Telmisartan, an angiotensin II type 1 receptor blocker, is mainly used to reduce blood pressure. Many studies have demonstrated the therapeutic potential of ARB in the treatment of hypoxic/ischemic organ damage [27, 28]. In comparison with other ARBs, telmisartan has unique advantages, including better fat solubility that allows it to more easily penetrate cell membranes [29]. The protective effect of telmisartan against ischemic myocardial injury has been confirmed [11]. In our study, the protective effect of telmisartan on CIH-induced myocardial injury was demonstrated, and this effect was found to be mediated by regulation of NOS activity, inhibition of excessive NO synthesis, and suppression of oxidation/nitration stress and the inflammatory response.
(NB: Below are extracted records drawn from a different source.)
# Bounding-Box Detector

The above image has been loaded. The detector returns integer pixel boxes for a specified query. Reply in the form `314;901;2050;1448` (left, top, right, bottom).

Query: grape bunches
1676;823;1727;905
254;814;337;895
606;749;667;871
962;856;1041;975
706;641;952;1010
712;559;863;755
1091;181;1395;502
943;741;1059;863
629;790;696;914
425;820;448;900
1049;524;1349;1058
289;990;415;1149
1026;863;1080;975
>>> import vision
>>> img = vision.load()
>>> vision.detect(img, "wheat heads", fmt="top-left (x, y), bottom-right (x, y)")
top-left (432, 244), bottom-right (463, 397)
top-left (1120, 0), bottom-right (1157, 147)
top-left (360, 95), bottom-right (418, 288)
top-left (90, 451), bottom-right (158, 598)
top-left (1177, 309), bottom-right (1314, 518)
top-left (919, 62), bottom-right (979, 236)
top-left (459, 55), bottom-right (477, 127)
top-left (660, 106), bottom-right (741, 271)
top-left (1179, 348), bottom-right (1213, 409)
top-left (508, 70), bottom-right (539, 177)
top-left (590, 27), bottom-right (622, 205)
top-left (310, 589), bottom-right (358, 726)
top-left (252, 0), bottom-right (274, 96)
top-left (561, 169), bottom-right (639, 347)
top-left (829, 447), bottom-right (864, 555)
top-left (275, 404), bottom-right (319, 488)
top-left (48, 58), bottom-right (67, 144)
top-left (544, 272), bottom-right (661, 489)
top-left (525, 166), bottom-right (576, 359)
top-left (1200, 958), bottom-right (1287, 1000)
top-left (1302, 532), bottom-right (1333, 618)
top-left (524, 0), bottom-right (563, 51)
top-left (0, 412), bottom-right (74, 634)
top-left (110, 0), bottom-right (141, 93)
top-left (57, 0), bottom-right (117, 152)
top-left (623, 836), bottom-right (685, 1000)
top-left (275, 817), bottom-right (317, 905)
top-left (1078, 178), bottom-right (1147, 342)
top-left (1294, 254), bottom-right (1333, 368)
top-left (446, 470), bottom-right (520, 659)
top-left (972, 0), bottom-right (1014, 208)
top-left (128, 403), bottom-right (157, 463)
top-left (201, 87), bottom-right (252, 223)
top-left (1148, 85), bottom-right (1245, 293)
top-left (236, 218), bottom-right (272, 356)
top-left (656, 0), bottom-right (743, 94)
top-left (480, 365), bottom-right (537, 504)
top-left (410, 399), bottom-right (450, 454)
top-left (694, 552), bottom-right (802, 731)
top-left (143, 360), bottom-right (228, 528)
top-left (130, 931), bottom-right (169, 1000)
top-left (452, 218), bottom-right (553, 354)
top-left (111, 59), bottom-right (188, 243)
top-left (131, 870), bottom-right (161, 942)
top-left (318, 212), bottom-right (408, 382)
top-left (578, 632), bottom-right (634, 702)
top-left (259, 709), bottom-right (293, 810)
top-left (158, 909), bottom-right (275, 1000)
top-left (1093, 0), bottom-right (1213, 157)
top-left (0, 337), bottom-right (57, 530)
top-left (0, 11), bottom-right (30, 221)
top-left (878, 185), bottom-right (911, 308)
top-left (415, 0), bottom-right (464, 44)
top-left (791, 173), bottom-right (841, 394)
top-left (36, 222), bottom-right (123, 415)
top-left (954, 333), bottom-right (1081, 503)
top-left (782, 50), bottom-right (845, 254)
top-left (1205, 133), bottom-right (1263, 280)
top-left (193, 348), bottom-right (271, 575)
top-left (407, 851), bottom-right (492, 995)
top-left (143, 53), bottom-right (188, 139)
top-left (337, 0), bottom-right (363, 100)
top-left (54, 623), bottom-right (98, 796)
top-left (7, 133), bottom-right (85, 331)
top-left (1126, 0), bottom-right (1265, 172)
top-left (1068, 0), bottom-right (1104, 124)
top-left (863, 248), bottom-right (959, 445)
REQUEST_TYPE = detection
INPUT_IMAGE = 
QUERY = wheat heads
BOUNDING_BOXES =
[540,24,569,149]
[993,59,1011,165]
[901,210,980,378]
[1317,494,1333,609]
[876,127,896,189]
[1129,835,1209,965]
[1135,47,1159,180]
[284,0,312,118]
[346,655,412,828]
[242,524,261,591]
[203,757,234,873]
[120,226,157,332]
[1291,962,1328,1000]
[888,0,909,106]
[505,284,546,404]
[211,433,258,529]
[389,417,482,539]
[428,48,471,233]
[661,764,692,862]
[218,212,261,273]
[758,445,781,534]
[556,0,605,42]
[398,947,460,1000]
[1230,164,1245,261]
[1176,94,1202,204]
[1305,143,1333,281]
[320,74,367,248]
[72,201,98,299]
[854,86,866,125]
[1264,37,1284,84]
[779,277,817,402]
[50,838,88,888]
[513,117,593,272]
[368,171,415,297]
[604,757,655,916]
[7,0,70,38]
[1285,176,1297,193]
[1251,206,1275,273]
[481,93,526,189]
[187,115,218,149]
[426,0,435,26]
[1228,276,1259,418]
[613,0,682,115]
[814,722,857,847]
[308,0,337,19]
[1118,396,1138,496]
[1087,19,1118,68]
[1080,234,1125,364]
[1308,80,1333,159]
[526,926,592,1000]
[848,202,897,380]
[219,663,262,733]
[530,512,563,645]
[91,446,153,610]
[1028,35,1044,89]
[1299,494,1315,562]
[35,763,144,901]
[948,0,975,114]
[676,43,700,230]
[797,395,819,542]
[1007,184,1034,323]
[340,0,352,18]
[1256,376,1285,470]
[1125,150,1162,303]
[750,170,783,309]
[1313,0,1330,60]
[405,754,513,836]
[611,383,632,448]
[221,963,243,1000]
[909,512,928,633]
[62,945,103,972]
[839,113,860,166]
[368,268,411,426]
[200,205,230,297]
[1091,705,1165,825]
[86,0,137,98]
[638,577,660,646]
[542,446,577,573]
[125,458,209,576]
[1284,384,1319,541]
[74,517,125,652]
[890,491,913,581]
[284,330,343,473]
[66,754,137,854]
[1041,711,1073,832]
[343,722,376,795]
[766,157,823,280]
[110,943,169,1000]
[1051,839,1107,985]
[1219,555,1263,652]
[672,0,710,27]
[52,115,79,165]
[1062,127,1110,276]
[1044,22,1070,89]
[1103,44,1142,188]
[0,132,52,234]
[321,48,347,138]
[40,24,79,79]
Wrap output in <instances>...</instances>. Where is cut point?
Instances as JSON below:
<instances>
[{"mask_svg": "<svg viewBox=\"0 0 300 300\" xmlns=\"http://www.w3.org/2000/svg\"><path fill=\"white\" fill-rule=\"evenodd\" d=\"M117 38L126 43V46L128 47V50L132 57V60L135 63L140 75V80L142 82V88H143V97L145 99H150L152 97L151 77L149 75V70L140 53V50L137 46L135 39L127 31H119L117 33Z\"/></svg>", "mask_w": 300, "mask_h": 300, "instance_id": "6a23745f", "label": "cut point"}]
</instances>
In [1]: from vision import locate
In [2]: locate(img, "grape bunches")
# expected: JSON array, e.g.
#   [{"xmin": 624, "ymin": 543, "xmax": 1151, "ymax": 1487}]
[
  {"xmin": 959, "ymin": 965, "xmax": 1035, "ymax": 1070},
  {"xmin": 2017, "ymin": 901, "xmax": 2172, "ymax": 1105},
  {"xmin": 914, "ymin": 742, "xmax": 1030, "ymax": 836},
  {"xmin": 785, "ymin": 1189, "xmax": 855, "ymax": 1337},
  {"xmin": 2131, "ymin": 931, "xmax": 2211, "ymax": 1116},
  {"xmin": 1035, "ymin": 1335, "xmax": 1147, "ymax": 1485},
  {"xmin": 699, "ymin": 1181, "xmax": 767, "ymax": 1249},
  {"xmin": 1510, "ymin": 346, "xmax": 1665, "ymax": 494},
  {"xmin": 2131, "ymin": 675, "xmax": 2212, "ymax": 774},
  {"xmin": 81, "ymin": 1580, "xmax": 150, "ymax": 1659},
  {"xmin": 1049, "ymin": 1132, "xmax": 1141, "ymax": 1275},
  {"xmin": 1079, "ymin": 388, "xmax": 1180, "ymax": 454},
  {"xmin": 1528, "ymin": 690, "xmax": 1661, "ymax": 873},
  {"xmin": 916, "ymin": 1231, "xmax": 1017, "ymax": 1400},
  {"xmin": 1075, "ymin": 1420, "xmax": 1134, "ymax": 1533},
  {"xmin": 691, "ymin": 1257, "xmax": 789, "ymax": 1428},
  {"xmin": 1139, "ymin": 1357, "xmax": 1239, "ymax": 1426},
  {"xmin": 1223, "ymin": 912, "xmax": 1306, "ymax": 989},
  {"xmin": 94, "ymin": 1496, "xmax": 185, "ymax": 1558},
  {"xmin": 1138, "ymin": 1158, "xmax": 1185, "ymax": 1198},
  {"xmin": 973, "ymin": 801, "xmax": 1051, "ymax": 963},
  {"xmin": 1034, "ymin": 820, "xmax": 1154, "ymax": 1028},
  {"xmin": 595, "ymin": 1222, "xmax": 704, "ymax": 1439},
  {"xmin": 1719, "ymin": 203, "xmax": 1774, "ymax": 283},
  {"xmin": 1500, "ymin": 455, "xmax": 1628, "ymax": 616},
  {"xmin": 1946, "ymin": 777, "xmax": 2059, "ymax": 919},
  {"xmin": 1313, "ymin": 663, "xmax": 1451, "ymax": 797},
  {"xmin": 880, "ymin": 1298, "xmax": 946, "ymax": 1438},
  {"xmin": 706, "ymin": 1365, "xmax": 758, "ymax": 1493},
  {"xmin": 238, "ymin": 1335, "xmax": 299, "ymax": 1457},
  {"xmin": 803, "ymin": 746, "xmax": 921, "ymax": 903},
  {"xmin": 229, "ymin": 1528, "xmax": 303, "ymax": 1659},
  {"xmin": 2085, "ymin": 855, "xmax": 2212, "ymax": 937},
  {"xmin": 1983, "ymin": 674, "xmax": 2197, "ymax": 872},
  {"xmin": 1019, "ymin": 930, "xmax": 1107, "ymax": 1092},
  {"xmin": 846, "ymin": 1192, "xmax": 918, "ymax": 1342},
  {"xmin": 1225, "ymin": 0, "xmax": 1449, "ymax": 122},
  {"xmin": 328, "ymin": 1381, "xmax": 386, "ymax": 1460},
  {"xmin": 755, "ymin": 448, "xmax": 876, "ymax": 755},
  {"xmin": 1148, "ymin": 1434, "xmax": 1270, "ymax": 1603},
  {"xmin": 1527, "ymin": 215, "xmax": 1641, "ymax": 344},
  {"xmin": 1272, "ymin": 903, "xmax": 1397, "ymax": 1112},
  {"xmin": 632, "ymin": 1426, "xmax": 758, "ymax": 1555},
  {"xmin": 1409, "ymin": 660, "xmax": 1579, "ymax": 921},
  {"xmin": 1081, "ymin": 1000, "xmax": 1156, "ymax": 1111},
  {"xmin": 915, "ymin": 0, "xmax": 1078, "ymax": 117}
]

In summary, this study provides the first evidence that telmisartan attenuates CIH-induced myocardial apoptosis, in part by preserving eNOS levels, inhibiting iNOS expression and excessive NO generation, and suppressing oxidation/nitration stress and the inflammatory response. The present findings provide novel insight into the mechanisms through which OSAS induces cardiovascular complications. Meanwhile, considering the extensive use of telmisartan in the clinic and the high incidence of OSAS, there will likely be more meticulous and in-depth studies performed in the future. Further research into the relationship between the dosage of telmisartan and its cardiovascular protective effect, and the relationship between the protective effect of telmisartan and the severity of OSAS, is required. However, it should be noted that our study had some limitations. The use of NOS or specific NOS inhibitors would help to clarify the role of NO/NOS in protective effects in this setting, and the relationship between NO/NOS, oxidative stress, and the inflammatory response should be demonstrated in future studies.